Slashdot, one of my few ‘must scan three times a day’ sites, has notoriously poorly coordinated and unskeptical editors. As a result, they often run stories that are different from ads only in that. doesn’t charge for the service.

Yesterday, though, I saw a new wrinkle: a post sent in by an esavard, using the already pointless sound and fury around the Apple/Intel matchup, to flog a new! improved! YALD (Yet Another Linux for the Desktop) with the goals — who could imagine such audacious goals! — of making Linux easier to use, making applications simpler to create, and just generally making sure everyone has a pony.

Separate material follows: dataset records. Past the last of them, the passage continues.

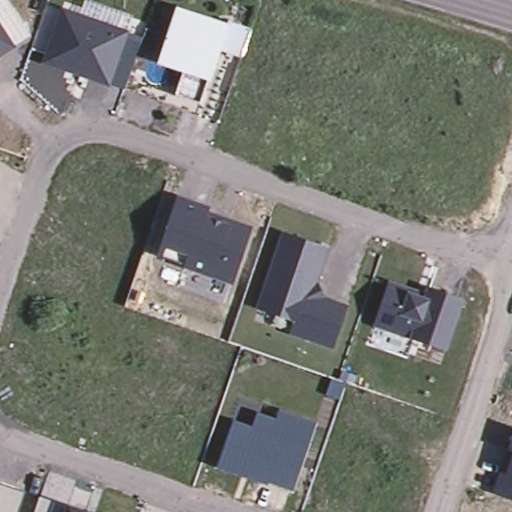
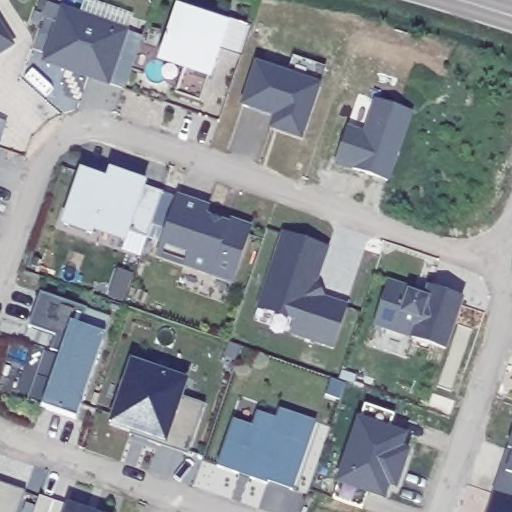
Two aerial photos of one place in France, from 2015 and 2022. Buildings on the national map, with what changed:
unchanged [(46,54),(62,9),(127,31),(108,84),(73,71),(43,61),(46,54)]
unchanged [(175,95),(188,57),(165,50),(178,10),(226,25),(213,65),(201,104),(175,95)]
unchanged [(0,53),(0,28),(9,41),(12,46),(0,53)]
new [(323,83),(304,141),(268,130),(272,116),(240,105),(255,62),(288,72),(293,59),(324,68),(323,83)]
new [(413,112),(389,182),(334,164),(347,125),(364,131),(374,99),(413,112)]
new [(163,244),(131,230),(127,244),(95,234),(94,236),(62,226),(79,170),(106,179),(109,169),(148,181),(146,185),(178,198),(163,244)]
unchanged [(178,198),(207,208),(205,213),(249,228),(231,280),(159,255),(178,198)]
unchanged [(313,286),(318,297),(345,306),(331,346),(292,332),(296,318),(272,310),(263,293),(283,234),(326,249),(313,286)]
unchanged [(412,290),(410,295),(425,300),(429,288),(462,299),(445,348),(374,324),(388,282),(412,290)]
new [(78,420),(43,408),(61,351),(53,349),(58,335),(31,326),(40,294),(86,310),(80,327),(106,335),(78,420)]
new [(190,377),(184,396),(205,405),(189,454),(167,446),(109,425),(130,360),(190,377)]
new [(395,415),(389,428),(409,435),(404,448),(411,450),(398,490),(390,488),(386,501),(367,495),(363,508),(334,498),(339,484),(335,482),(357,416),(362,418),(366,405),(395,415)]
unchanged [(233,420),(253,425),(257,413),(278,420),(281,411),(316,425),(294,490),(219,467),(233,420)]
unchanged [(512,439),(512,450),(508,449),(512,439)]
unchanged [(502,470),(507,470),(512,452),(512,498),(494,491),(502,470)]
unchanged [(24,493),(18,512),(0,512),(0,485),(24,493)]
new [(486,512),(494,491),(512,498),(512,512),(486,512)]
unchanged [(68,506),(87,512),(35,512),(40,497),(68,506)]

So, to add a little foam to what was pretty small beer, esavard pointed to the Wikipedia entry about their YALD, saying “If you want to know more about Symphony OS, a good starting point is a Wikipedia article describing the innovations proposed by this new desktop OS.

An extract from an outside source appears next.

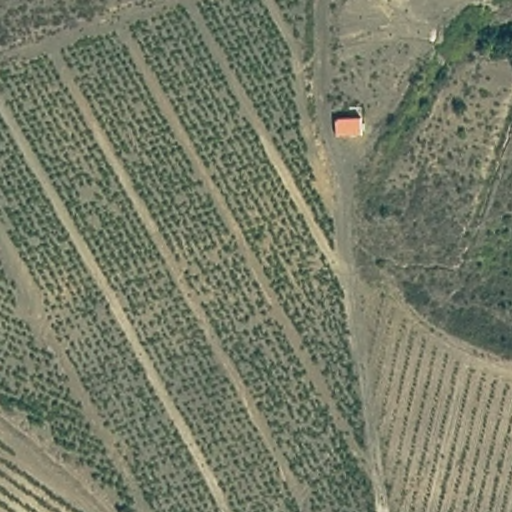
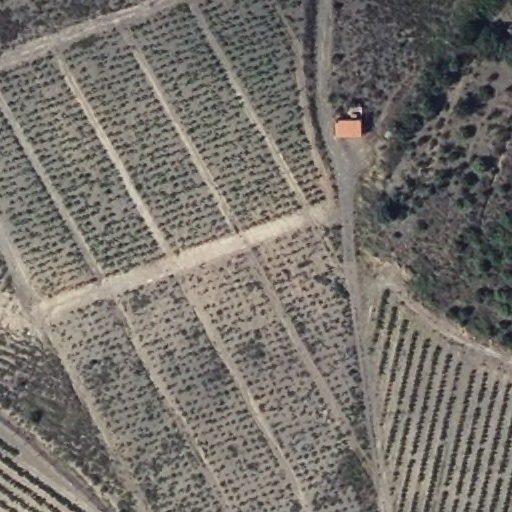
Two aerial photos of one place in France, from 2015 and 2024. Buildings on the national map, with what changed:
unchanged [(368,111),(368,128),(335,130),(335,112),(368,111)]

Now at that point the Wikipedia entry was around three weeks old, had been edited 29 times, and 20 of those edits were by the same user, EliasAlucard. The first edit to that page after being picked up by slashdot (from an IP address with no associated username and with no other history of edits) added a note under the header Trivia: “On 8 June 2005, the Symphony OS website was a victim of the Slashdot effect.” (I deleted this bit of self-aggrandizement just now, though we’ll see how long Elias lets it go.)

Then, today, when someone pointed out on the related Talk page that our pal EliasAlucard had created a Wikipedia advertisement, he replied “Guess what? No one cares about your opinion of what it looks like. Give it a rest already.”

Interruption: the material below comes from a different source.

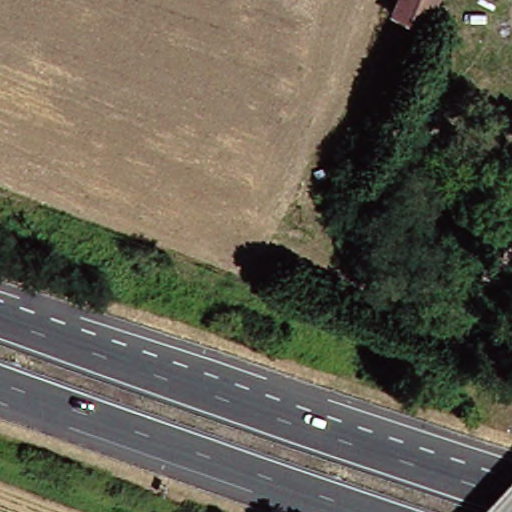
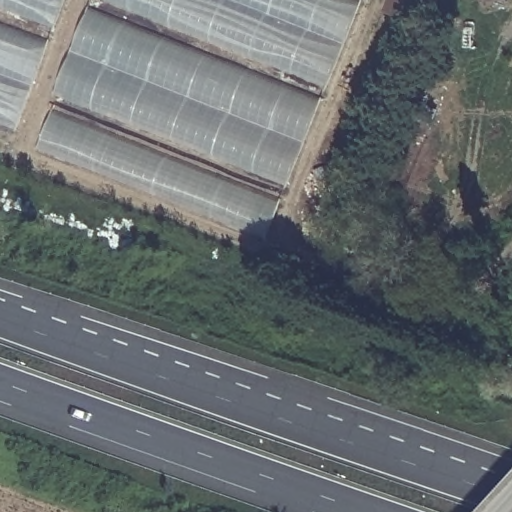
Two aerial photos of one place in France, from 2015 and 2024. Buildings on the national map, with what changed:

This is an interesting kind of spam, or maybe we could call it a reputation hack. I have no way of knowing who esavard is in relation to EliasAlucard, but I am betting they are pretty closely related. They create a Wikipedia page, point to it as if to demonstrate independent interest for the project in their potential slashdot post, then point to the slashdot effect on the Wikipedia page as proof of said independent interest. Voila, an instant trend.

This is the downside of the mass amateurization of publishing. Since the threshold for exclusion from the Wikipedia is so low, there is almost no value in thinking “Hey, it’s got a Wikipedia article — must be serious.” We have the sense-memory of that way of thinking from the days where it cost money to publish something, and this class of reputation hack relies on that memory to seed the network with highly targeted ads.

And it’s a hard hack to stop, since it isn’t exactly vandalism. Most articles have only a few editors in the early days, so it’s an attack that doesn’t have an obvious signature either. It’s relatively to see how to defend against vandalism of high-stakes pages, but it’s hard to see how to defend against the creation of pages where so little is at stake for anyone but the advertiser.